Local implementation expectations for pillar one’s amount B

The OECD has continued working on the development of the pillar one package on profit allocation. Pillar one is part of the OECD’s two-pillar approach to international taxation reform and broadly covers nexus and profit allocation rules. Amount B is under the umbrella of pillar one and refers to the adoption of a “simplified and streamlined” approach to pricing intercompany transactions related to routine marketing and distribution activities from January 1 2025.

The amount B framework was originally added to the OECD Transfer Pricing Guidelines for Multinational Enterprises and Tax Administrations on February 19 2024 as an appendix to Chapter IV on Administrative Approaches to Avoiding and Resolving Transfer Pricing Disputes.

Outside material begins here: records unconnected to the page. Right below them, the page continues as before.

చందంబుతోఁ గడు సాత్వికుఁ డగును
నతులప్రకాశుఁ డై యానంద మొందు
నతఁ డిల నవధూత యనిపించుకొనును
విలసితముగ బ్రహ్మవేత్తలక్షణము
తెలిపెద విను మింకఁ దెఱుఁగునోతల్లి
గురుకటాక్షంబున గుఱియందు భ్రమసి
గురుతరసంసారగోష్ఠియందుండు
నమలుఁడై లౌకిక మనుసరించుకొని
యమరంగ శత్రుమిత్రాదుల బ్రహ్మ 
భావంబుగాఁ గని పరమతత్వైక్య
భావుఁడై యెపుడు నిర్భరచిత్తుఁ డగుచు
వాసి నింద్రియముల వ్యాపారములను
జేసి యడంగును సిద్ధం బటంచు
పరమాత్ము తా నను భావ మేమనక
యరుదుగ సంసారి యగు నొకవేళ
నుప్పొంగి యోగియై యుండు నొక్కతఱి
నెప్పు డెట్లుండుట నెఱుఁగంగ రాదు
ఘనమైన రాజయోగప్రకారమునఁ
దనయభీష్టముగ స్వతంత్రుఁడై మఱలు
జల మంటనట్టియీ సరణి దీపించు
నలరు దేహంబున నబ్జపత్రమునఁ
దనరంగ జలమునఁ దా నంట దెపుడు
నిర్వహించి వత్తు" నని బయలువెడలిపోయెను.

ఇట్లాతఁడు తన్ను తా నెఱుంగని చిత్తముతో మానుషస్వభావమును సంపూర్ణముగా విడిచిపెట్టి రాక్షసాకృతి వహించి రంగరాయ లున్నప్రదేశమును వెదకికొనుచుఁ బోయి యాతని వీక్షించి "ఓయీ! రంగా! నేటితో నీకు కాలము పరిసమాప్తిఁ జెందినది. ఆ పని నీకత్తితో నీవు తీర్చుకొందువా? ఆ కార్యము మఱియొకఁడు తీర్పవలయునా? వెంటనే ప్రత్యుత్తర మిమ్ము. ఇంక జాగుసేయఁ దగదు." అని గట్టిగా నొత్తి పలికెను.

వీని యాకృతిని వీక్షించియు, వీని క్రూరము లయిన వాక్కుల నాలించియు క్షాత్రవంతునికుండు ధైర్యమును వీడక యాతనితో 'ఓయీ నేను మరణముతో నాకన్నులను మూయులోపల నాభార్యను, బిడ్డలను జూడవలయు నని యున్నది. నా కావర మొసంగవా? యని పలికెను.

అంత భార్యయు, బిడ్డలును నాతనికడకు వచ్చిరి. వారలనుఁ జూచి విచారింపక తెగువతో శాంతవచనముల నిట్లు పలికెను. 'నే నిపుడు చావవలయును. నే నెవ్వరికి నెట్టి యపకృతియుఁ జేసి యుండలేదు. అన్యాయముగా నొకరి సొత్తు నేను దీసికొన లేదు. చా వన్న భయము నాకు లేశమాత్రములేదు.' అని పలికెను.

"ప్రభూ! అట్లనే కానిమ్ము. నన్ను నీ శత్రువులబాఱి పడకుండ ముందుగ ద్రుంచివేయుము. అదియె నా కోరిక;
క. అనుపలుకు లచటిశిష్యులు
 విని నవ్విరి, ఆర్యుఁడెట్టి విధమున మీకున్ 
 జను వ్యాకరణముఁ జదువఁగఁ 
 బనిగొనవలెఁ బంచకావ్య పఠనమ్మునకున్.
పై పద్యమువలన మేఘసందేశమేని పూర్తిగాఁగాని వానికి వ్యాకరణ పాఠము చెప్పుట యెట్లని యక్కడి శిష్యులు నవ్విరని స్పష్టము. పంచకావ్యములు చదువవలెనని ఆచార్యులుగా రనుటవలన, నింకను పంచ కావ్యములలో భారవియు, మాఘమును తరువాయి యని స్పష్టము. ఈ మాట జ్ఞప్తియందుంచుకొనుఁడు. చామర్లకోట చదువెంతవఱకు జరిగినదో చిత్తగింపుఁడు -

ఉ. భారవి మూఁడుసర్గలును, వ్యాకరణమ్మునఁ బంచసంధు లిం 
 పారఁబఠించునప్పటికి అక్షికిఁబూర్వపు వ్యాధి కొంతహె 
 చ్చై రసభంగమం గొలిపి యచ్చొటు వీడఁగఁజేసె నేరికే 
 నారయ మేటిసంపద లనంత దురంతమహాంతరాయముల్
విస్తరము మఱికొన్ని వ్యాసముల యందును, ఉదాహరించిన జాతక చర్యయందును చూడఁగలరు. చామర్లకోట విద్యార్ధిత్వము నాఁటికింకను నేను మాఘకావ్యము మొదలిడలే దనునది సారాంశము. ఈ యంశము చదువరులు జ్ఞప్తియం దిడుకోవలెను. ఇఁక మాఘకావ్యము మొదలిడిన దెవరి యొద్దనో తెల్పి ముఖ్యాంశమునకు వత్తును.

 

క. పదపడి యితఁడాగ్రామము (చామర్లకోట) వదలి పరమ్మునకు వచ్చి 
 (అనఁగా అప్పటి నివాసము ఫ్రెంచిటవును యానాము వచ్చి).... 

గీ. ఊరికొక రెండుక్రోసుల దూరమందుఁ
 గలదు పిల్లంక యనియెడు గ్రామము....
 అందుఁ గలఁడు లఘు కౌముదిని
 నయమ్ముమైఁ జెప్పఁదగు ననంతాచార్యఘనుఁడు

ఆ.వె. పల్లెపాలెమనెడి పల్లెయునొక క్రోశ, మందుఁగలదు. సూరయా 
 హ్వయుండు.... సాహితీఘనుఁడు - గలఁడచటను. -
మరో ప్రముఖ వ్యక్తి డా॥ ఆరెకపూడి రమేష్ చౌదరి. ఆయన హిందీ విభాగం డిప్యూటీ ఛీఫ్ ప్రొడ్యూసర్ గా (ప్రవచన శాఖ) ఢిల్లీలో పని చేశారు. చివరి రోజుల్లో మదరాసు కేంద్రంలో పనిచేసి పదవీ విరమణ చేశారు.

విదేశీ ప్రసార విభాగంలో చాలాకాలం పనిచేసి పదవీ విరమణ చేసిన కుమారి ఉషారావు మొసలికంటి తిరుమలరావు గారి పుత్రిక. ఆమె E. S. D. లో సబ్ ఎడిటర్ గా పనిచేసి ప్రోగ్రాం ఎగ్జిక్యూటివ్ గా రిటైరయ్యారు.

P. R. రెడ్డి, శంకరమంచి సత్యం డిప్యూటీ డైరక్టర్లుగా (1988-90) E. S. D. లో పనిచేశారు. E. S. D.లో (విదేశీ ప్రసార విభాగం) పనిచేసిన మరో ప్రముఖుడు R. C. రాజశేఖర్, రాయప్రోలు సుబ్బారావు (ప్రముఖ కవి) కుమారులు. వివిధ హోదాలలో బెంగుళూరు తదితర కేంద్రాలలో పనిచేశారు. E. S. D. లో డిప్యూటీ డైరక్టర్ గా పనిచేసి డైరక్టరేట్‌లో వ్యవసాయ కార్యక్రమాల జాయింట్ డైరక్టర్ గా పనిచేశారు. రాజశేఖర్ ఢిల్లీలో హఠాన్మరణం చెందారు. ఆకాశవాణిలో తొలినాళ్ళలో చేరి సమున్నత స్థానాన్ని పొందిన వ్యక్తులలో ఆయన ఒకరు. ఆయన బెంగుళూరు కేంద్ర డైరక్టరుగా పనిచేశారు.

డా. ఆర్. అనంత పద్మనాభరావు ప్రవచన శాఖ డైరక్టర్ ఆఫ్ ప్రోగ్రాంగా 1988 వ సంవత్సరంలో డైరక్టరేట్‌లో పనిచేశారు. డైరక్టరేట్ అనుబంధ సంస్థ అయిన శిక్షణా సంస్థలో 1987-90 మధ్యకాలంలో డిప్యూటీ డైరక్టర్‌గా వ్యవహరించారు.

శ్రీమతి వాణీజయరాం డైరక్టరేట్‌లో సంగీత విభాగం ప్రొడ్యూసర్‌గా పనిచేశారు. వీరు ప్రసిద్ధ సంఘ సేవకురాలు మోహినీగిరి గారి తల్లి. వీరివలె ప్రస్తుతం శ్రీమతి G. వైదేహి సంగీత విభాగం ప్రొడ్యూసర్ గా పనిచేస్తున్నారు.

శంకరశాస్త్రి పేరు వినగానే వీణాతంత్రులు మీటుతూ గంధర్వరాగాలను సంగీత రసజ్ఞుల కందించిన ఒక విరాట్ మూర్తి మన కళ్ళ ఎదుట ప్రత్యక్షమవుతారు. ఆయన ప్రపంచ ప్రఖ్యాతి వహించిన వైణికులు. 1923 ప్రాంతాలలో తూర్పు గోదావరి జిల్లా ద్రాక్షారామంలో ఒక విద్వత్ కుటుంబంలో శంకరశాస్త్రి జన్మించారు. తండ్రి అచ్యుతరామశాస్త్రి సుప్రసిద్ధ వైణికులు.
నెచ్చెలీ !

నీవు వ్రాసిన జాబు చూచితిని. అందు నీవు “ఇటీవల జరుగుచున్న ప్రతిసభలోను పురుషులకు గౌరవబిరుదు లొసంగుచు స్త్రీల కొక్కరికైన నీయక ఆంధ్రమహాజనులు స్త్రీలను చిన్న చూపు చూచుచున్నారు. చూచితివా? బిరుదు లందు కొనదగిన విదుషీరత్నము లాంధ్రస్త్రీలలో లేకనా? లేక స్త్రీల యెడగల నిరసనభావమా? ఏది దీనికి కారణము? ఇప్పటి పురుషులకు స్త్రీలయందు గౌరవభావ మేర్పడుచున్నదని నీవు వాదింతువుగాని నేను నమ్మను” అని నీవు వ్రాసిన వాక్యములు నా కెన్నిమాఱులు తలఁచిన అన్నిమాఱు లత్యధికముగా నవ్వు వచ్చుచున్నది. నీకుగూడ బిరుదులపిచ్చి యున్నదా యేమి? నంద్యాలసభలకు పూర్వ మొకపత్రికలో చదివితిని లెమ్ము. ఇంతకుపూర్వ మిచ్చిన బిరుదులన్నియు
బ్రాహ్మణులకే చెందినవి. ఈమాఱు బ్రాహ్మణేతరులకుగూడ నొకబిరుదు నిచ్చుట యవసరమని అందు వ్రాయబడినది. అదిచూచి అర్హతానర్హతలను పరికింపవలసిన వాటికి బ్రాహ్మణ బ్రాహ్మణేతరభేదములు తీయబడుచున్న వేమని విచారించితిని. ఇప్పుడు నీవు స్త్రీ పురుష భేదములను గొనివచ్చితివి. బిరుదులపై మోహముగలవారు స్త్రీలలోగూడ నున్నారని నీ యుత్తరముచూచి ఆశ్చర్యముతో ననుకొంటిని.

The following is a summary of the amount B framework:

  • It applies to businesses of any size that have in-scope distribution activities; i.e.:

    • Buy-sell marketing and distribution transactions, where a distributor purchases goods from a related group entity for distribution to third parties; and

    • Sales agency and commissionaire transactions, where an entity helps to facilitate another group entity’s wholesale distribution of goods to third parties.

  • A transaction can be reliably priced using a one-sided transfer pricing method, which implies that the tested party should not assume significant risks or own unique and valuable intangible assets.

  • It does not apply to transactions involving:

    • The distribution of services;

    • The distribution of commodities;

    • The distribution of digital goods;

    • Retail sales above 20% of net sales; or

    • Non-distribution activities (if no proper segmentation is available).

  • If the application of the internal comparable uncontrolled price method is available, it should be used instead of the amount B framework.

  • The tested party should not incur annual operating expenses lower than 3% or greater than an upper bound of between 20% and 30% of its net revenues. Operating expense intensity should be calculated on a three-year weighted average basis.

  • An arm’s-length range of return on sales is determined based on the amount B pricing matrix, which is dependent on financial ratios (operating expense to sales and operating assets to sales) and industry grouping. The pricing matrix produces a range of +/- 0.5% of the corresponding return on sales, which spans from 1.50% to 5.50%.

  • Potential adjustments may apply for:

    • Operating expense cap-and-collar mechanisms;

    • Geographic risk factors; and/or

    • A lack of information.

With regard to the adoption of the amount B provisions around the world, there are few countries that have expressed a formal commitment to implement them locally, with the US the most significant case. On December 16 2024, the US Internal Revenue Service published Notice 2025-04, which stated an intention to issue regulations to address the local application of the OECD’s amount B.

Mexican implementation of amount B

The Mexican tax authority has not published an official statement regarding the adoption of the OECD’s amount B, but informally it is known to have an inclination to adopt the framework in the upcoming years.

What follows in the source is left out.